About this exercise:
When you repeat the entries below, keep each word exactly as it is and drop the pictures.

Data provided:
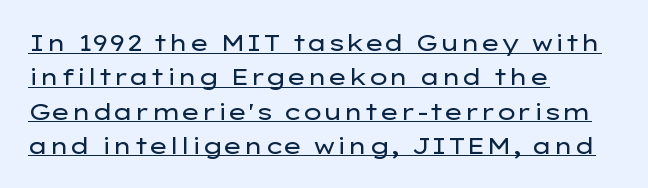
Q: Is the text bold? A: No.
Q: Is the text italic (slanted)? A: No, it is upright.
Q: Is the text underlined? A: Yes.
Q: How is the paragraph aligned? A: Left-aligned.
Q: Is the spacing between letters normal or unusually wide? A: Normal.
Q: Is the spacing between lines tight, normal or loose? A: Normal.
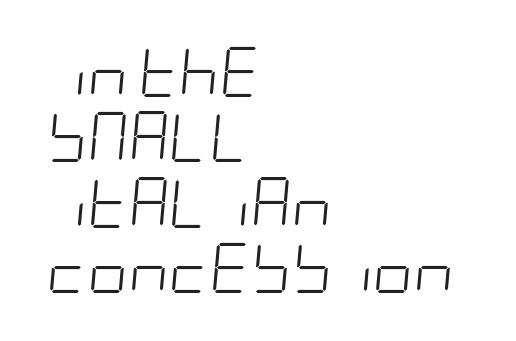
The image shows 50 px light, condensed type, italic (leaning right); set left-aligned, normal line spacing (1.31x), normal letter spacing, not underlined; low stroke contrast and a large x-height.
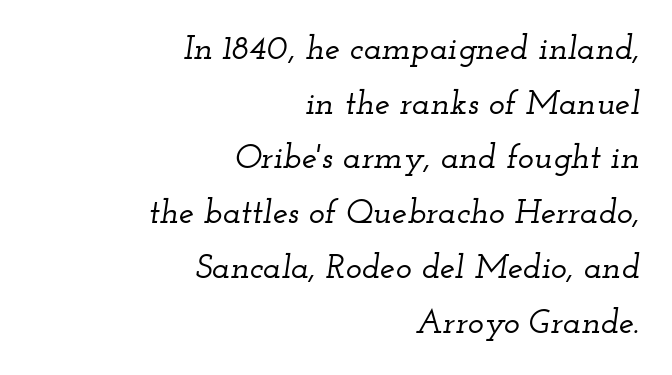
{"serif": "yes", "italic": "yes", "lean": "right", "slant_degrees": 12, "width": "wide", "stroke_contrast": "low", "x_height": "small", "monospaced": "no", "underline": "no", "align": "right", "line_spacing": "normal", "line_spacing_ratio": 1.61, "letter_spacing": "normal", "letter_spacing_em": 0.0, "glyph_px": 34}
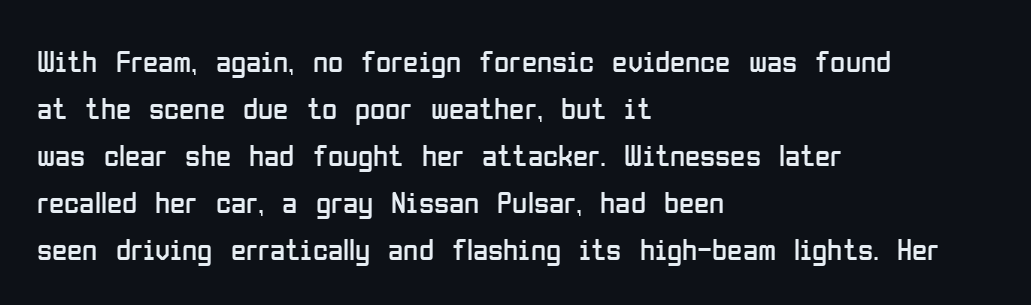
The image shows 31 px regular-weight, condensed sans-serif type, upright; set left-aligned, normal line spacing (1.52x), normal letter spacing, not underlined; low stroke contrast and a medium x-height.
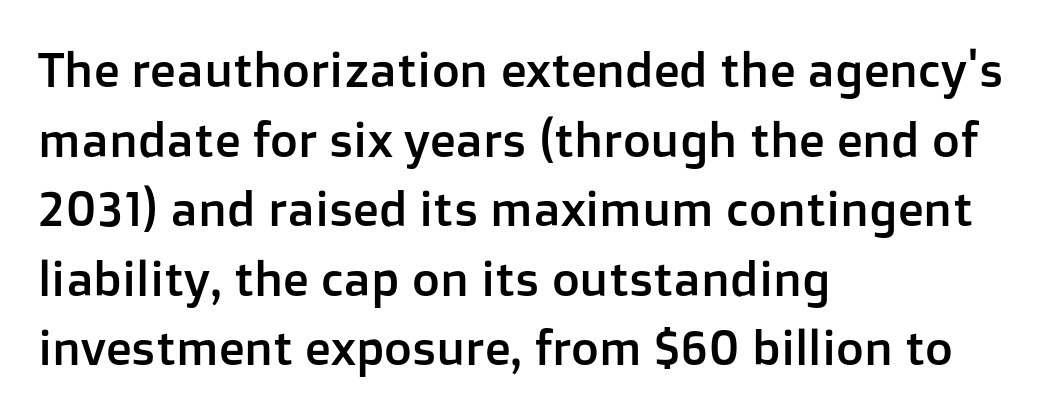
{"serif": "no", "italic": "no", "width": "normal", "stroke_contrast": "low", "x_height": "medium", "monospaced": "no", "underline": "no", "align": "left", "line_spacing": "normal", "line_spacing_ratio": 1.45, "letter_spacing": "normal", "letter_spacing_em": 0.0, "glyph_px": 48}
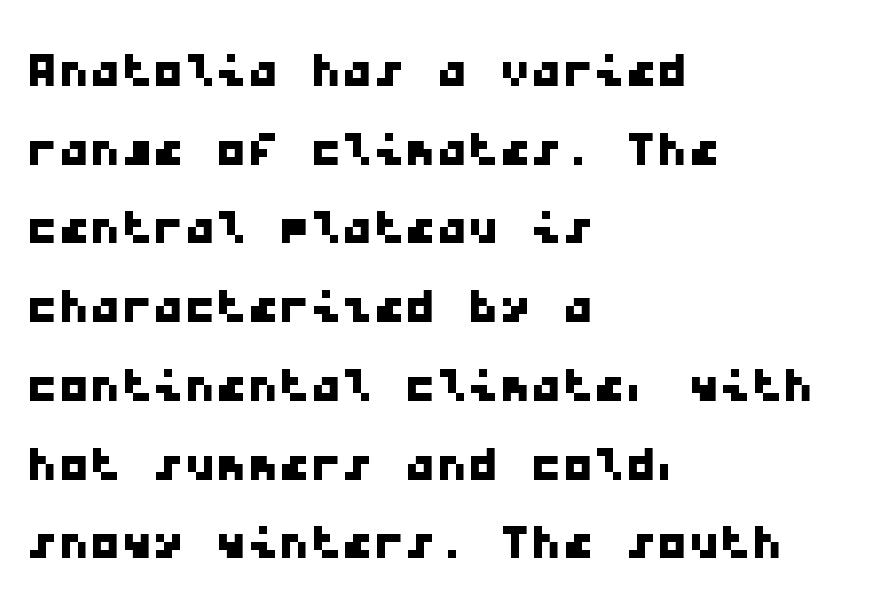
Q: Is the typeface a serif or a sans-serif typeface? A: Sans-serif.
Q: Is the text underlined? A: No.
Q: How is the paragraph aligned? A: Left-aligned.
Q: Is the spacing between letters normal or unusually wide? A: Normal.
Q: Is the spacing between lines tight, normal or loose? A: Normal.
Q: Width (condensed, normal, or wide)? A: Wide.
Q: Stroke contrast? A: Low.
Q: x-height? A: Medium.
Q: Monospaced? A: Yes.
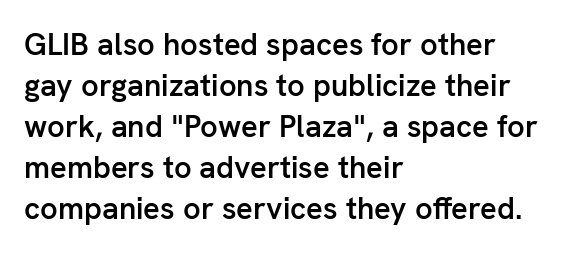
{"serif": "no", "italic": "no", "bold": "semi", "weight": "semibold", "width": "normal", "stroke_contrast": "low", "x_height": "medium", "monospaced": "no", "underline": "no", "align": "left", "line_spacing": "normal", "line_spacing_ratio": 1.32, "letter_spacing": "normal", "letter_spacing_em": 0.0, "glyph_px": 31}
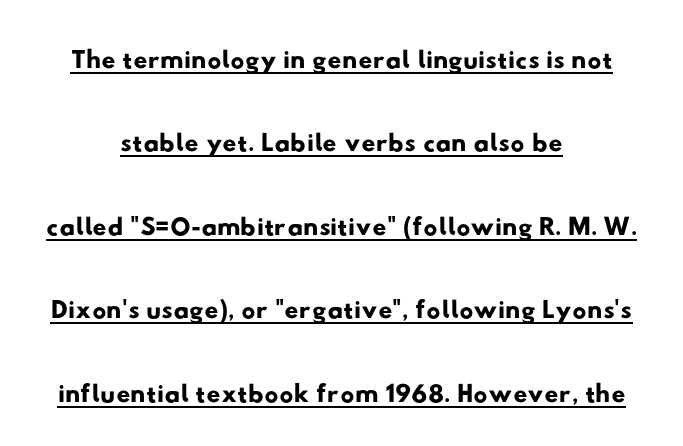
Q: Is the typeface a serif or a sans-serif typeface? A: Sans-serif.
Q: Is the text underlined? A: Yes.
Q: How is the paragraph aligned? A: Centered.
Q: Is the spacing between letters normal or unusually wide? A: Normal.
Q: Is the spacing between lines tight, normal or loose? A: Loose.
Q: Width (condensed, normal, or wide)? A: Wide.
Q: Stroke contrast? A: Low.
Q: x-height? A: Small.
Q: Monospaced? A: No.
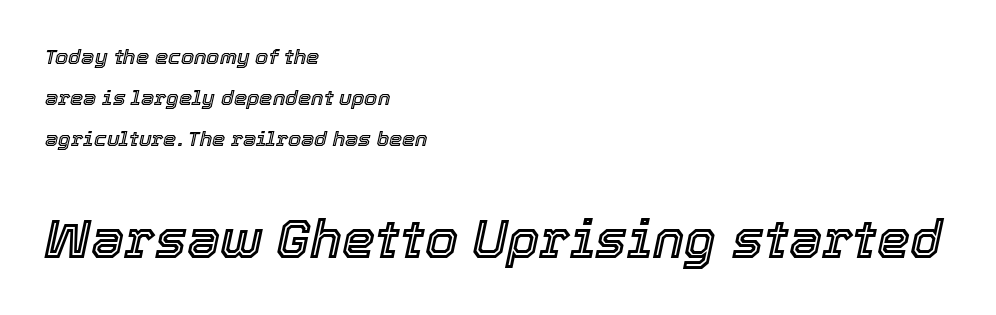
The image shows 53 px text type, italic (leaning right); set left-aligned, loose line spacing (1.95x), normal letter spacing, not underlined; the second (bottom) block is 2.52x larger; a medium x-height.
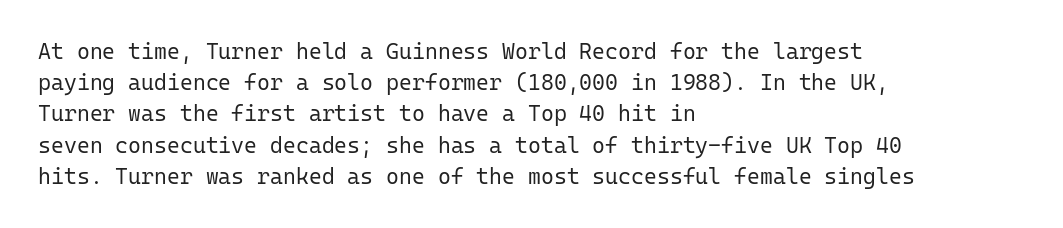
Every row of glyphs begins at an identical x-position on the left. The typesetting does not lean heavy: it is not bold. One glance says typical: line gaps are just what's usual. Underlining? Definitely not there.
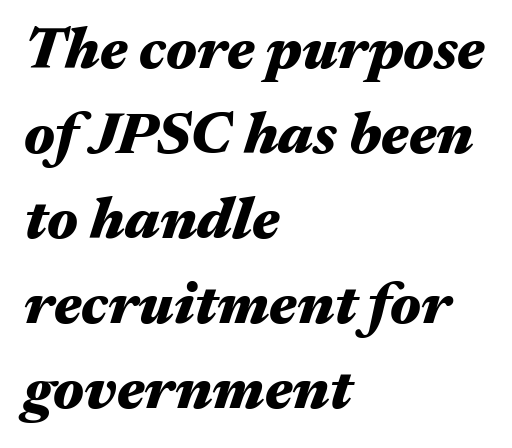
{"italic": "yes", "lean": "right", "slant_degrees": 17, "bold": "yes", "weight": "heavy", "width": "wide", "stroke_contrast": "medium", "x_height": "medium", "monospaced": "no", "underline": "no", "align": "left", "line_spacing": "normal", "line_spacing_ratio": 1.44, "letter_spacing": "normal", "letter_spacing_em": 0.0, "glyph_px": 59}
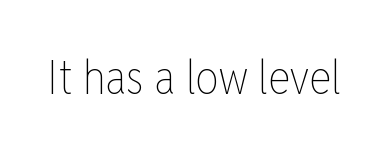
The image shows 47 px thin, condensed type, upright; set normal letter spacing, not underlined; low stroke contrast and a medium x-height.
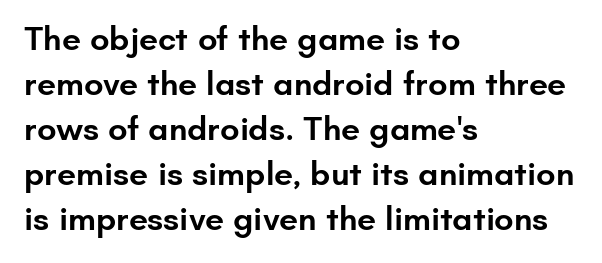
Q: Is the text bold? A: Semi-bold.
Q: Is the text italic (slanted)? A: No, it is upright.
Q: Is the typeface a serif or a sans-serif typeface? A: Sans-serif.
Q: Is the text underlined? A: No.
Q: How is the paragraph aligned? A: Left-aligned.
Q: Is the spacing between letters normal or unusually wide? A: Normal.
Q: Is the spacing between lines tight, normal or loose? A: Normal.
Q: Width (condensed, normal, or wide)? A: Normal.
Q: Stroke contrast? A: Low.
Q: x-height? A: Small.
Q: Monospaced? A: No.
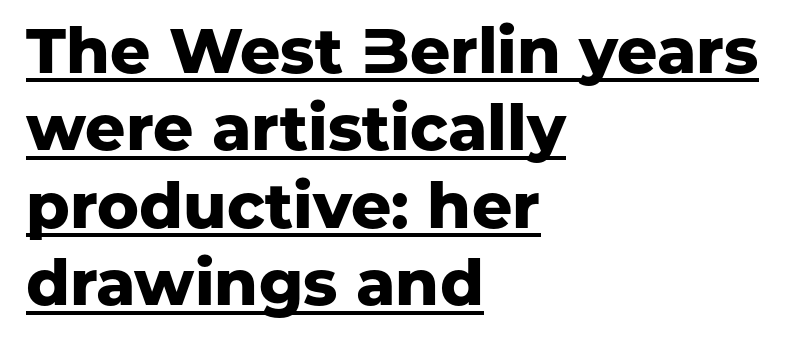
Q: Is the text bold? A: Yes.
Q: Is the text italic (slanted)? A: No, it is upright.
Q: Is the typeface a serif or a sans-serif typeface? A: Sans-serif.
Q: Is the text underlined? A: Yes.
Q: How is the paragraph aligned? A: Left-aligned.
Q: Is the spacing between letters normal or unusually wide? A: Normal.
Q: Width (condensed, normal, or wide)? A: Normal.
Q: Stroke contrast? A: Low.
Q: x-height? A: Medium.
Q: Monospaced? A: No.
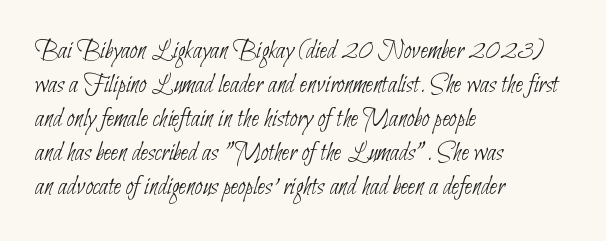
Q: Is the text bold? A: No.
Q: Is the text underlined? A: No.
Q: How is the paragraph aligned? A: Left-aligned.
Q: Is the spacing between letters normal or unusually wide? A: Normal.
Q: Is the spacing between lines tight, normal or loose? A: Normal.
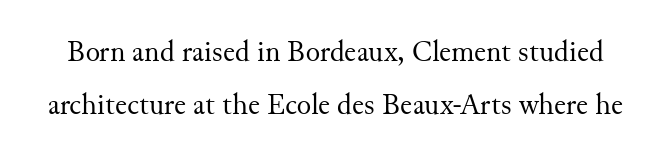
Q: Is the text bold? A: No.
Q: Is the text italic (slanted)? A: No, it is upright.
Q: Is the typeface a serif or a sans-serif typeface? A: Serif.
Q: Is the text underlined? A: No.
Q: Is the spacing between letters normal or unusually wide? A: Normal.
Q: Width (condensed, normal, or wide)? A: Normal.
Q: Stroke contrast? A: Medium.
Q: x-height? A: Small.
Q: Monospaced? A: No.
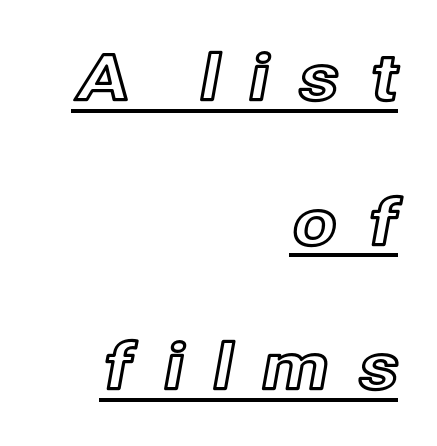
Q: Is the text italic (slanted)? A: Yes.
Q: Is the text underlined? A: Yes.
Q: How is the paragraph aligned? A: Right-aligned.
Q: Is the spacing between letters normal or unusually wide? A: Unusually wide.
Q: Is the spacing between lines tight, normal or loose? A: Loose.
Q: Width (condensed, normal, or wide)? A: Normal.
Q: x-height? A: Medium.
Q: Monospaced? A: No.
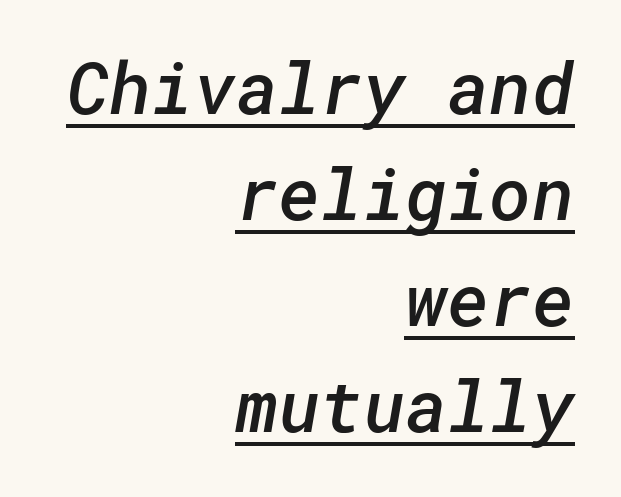
Q: Is the text bold? A: Semi-bold.
Q: Is the typeface a serif or a sans-serif typeface? A: Sans-serif.
Q: Is the text underlined? A: Yes.
Q: How is the paragraph aligned? A: Right-aligned.
Q: Is the spacing between letters normal or unusually wide? A: Normal.
Q: Is the spacing between lines tight, normal or loose? A: Normal.
Q: Width (condensed, normal, or wide)? A: Normal.
Q: Stroke contrast? A: Low.
Q: x-height? A: Medium.
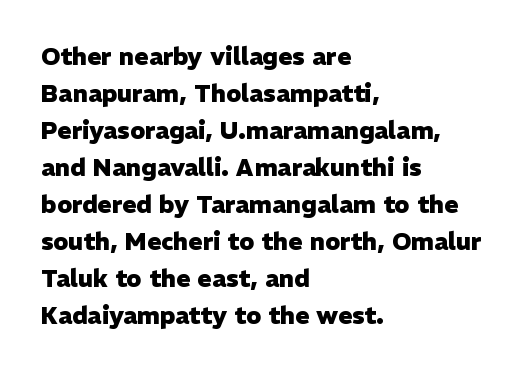
These lines sit exactly where default settings would place them. Descenders are the only things crossing below the line. As a designer I'd log this as weight 700, bold. Where is the straight margin? On the left. The axis of the letterforms is exactly vertical. No extra tracking has been applied to these lines.

Answer to the problem:
Q: Is the text bold? A: No.
Q: Is the text italic (slanted)? A: No, it is upright.
Q: Is the text underlined? A: Yes.
Q: How is the paragraph aligned? A: Left-aligned.
Q: Is the spacing between letters normal or unusually wide? A: Normal.
Q: Is the spacing between lines tight, normal or loose? A: Normal.
The image shows 50 px light, condensed type, italic (leaning right); set left-aligned, normal line spacing (1.31x), normal letter spacing, not underlined; low stroke contrast and a large x-height.
{"serif": "yes", "italic": "yes", "lean": "right", "slant_degrees": 12, "width": "wide", "stroke_contrast": "low", "x_height": "small", "monospaced": "no", "underline": "no", "align": "right", "line_spacing": "normal", "line_spacing_ratio": 1.61, "letter_spacing": "normal", "letter_spacing_em": 0.0, "glyph_px": 34}
The image shows 31 px regular-weight, condensed sans-serif type, upright; set left-aligned, normal line spacing (1.52x), normal letter spacing, not underlined; low stroke contrast and a medium x-height.
{"serif": "no", "italic": "no", "width": "normal", "stroke_contrast": "low", "x_height": "medium", "monospaced": "no", "underline": "no", "align": "left", "line_spacing": "normal", "line_spacing_ratio": 1.45, "letter_spacing": "normal", "letter_spacing_em": 0.0, "glyph_px": 48}
Q: Is the typeface a serif or a sans-serif typeface? A: Sans-serif.
Q: Is the text underlined? A: No.
Q: How is the paragraph aligned? A: Left-aligned.
Q: Is the spacing between letters normal or unusually wide? A: Normal.
Q: Is the spacing between lines tight, normal or loose? A: Normal.
Q: Width (condensed, normal, or wide)? A: Wide.
Q: Stroke contrast? A: Low.
Q: x-height? A: Medium.
Q: Monospaced? A: Yes.
{"serif": "no", "italic": "no", "bold": "semi", "weight": "semibold", "width": "normal", "stroke_contrast": "low", "x_height": "medium", "monospaced": "no", "underline": "no", "align": "left", "line_spacing": "normal", "line_spacing_ratio": 1.32, "letter_spacing": "normal", "letter_spacing_em": 0.0, "glyph_px": 31}
Q: Is the typeface a serif or a sans-serif typeface? A: Sans-serif.
Q: Is the text underlined? A: Yes.
Q: How is the paragraph aligned? A: Centered.
Q: Is the spacing between letters normal or unusually wide? A: Normal.
Q: Is the spacing between lines tight, normal or loose? A: Loose.
Q: Width (condensed, normal, or wide)? A: Wide.
Q: Stroke contrast? A: Low.
Q: x-height? A: Small.
Q: Monospaced? A: No.
The image shows 53 px text type, italic (leaning right); set left-aligned, loose line spacing (1.95x), normal letter spacing, not underlined; the second (bottom) block is 2.52x larger; a medium x-height.
Every row of glyphs begins at an identical x-position on the left. The typesetting does not lean heavy: it is not bold. One glance says typical: line gaps are just what's usual. Underlining? Definitely not there.
{"italic": "yes", "lean": "right", "slant_degrees": 17, "bold": "yes", "weight": "heavy", "width": "wide", "stroke_contrast": "medium", "x_height": "medium", "monospaced": "no", "underline": "no", "align": "left", "line_spacing": "normal", "line_spacing_ratio": 1.44, "letter_spacing": "normal", "letter_spacing_em": 0.0, "glyph_px": 59}
The image shows 47 px thin, condensed type, upright; set normal letter spacing, not underlined; low stroke contrast and a medium x-height.
Q: Is the text bold? A: Semi-bold.
Q: Is the text italic (slanted)? A: No, it is upright.
Q: Is the typeface a serif or a sans-serif typeface? A: Sans-serif.
Q: Is the text underlined? A: No.
Q: How is the paragraph aligned? A: Left-aligned.
Q: Is the spacing between letters normal or unusually wide? A: Normal.
Q: Is the spacing between lines tight, normal or loose? A: Normal.
Q: Width (condensed, normal, or wide)? A: Normal.
Q: Stroke contrast? A: Low.
Q: x-height? A: Small.
Q: Monospaced? A: No.
Q: Is the text bold? A: Yes.
Q: Is the text italic (slanted)? A: No, it is upright.
Q: Is the typeface a serif or a sans-serif typeface? A: Sans-serif.
Q: Is the text underlined? A: Yes.
Q: How is the paragraph aligned? A: Left-aligned.
Q: Is the spacing between letters normal or unusually wide? A: Normal.
Q: Width (condensed, normal, or wide)? A: Normal.
Q: Stroke contrast? A: Low.
Q: x-height? A: Medium.
Q: Monospaced? A: No.
Q: Is the text bold? A: No.
Q: Is the text underlined? A: No.
Q: How is the paragraph aligned? A: Left-aligned.
Q: Is the spacing between letters normal or unusually wide? A: Normal.
Q: Is the spacing between lines tight, normal or loose? A: Normal.
Q: Is the text bold? A: No.
Q: Is the text italic (slanted)? A: No, it is upright.
Q: Is the typeface a serif or a sans-serif typeface? A: Serif.
Q: Is the text underlined? A: No.
Q: Is the spacing between letters normal or unusually wide? A: Normal.
Q: Width (condensed, normal, or wide)? A: Normal.
Q: Stroke contrast? A: Medium.
Q: x-height? A: Small.
Q: Monospaced? A: No.
Q: Is the text italic (slanted)? A: Yes.
Q: Is the text underlined? A: Yes.
Q: How is the paragraph aligned? A: Right-aligned.
Q: Is the spacing between letters normal or unusually wide? A: Unusually wide.
Q: Is the spacing between lines tight, normal or loose? A: Loose.
Q: Width (condensed, normal, or wide)? A: Normal.
Q: x-height? A: Medium.
Q: Monospaced? A: No.
Q: Is the text bold? A: Semi-bold.
Q: Is the typeface a serif or a sans-serif typeface? A: Sans-serif.
Q: Is the text underlined? A: Yes.
Q: How is the paragraph aligned? A: Right-aligned.
Q: Is the spacing between letters normal or unusually wide? A: Normal.
Q: Is the spacing between lines tight, normal or loose? A: Normal.
Q: Width (condensed, normal, or wide)? A: Normal.
Q: Stroke contrast? A: Low.
Q: x-height? A: Medium.
These lines sit exactly where default settings would place them. Descenders are the only things crossing below the line. As a designer I'd log this as weight 700, bold. Where is the straight margin? On the left. The axis of the letterforms is exactly vertical. No extra tracking has been applied to these lines.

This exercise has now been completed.